▶ [Provided records]
------
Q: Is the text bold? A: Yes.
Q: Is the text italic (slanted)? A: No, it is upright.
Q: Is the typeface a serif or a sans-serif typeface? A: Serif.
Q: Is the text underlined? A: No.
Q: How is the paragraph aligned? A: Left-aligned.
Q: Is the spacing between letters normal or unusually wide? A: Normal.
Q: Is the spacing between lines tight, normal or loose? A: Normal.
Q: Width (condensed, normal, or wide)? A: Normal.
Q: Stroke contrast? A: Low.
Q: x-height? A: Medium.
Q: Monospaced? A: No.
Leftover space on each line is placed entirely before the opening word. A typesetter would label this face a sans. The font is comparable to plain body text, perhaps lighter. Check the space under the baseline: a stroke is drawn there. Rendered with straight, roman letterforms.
------
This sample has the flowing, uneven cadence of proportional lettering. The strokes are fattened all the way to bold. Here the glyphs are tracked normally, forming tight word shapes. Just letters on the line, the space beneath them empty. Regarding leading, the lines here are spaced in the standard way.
------
▶ [What you have to do]
Looking at the data above, write out exactly the lines that start at the one containing "Q: x-height? A: Medium." and end at the one containing "Leftover space on"; include both and nothing beyond.

▶ [Task answer]
Q: x-height? A: Medium.
Q: Monospaced? A: No.
Leftover space on each line is placed entirely before the opening word. A typesetter would label this face a sans. The font is comparable to plain body text, perhaps lighter. Check the space under the baseline: a stroke is drawn there. Rendered with straight, roman letterforms.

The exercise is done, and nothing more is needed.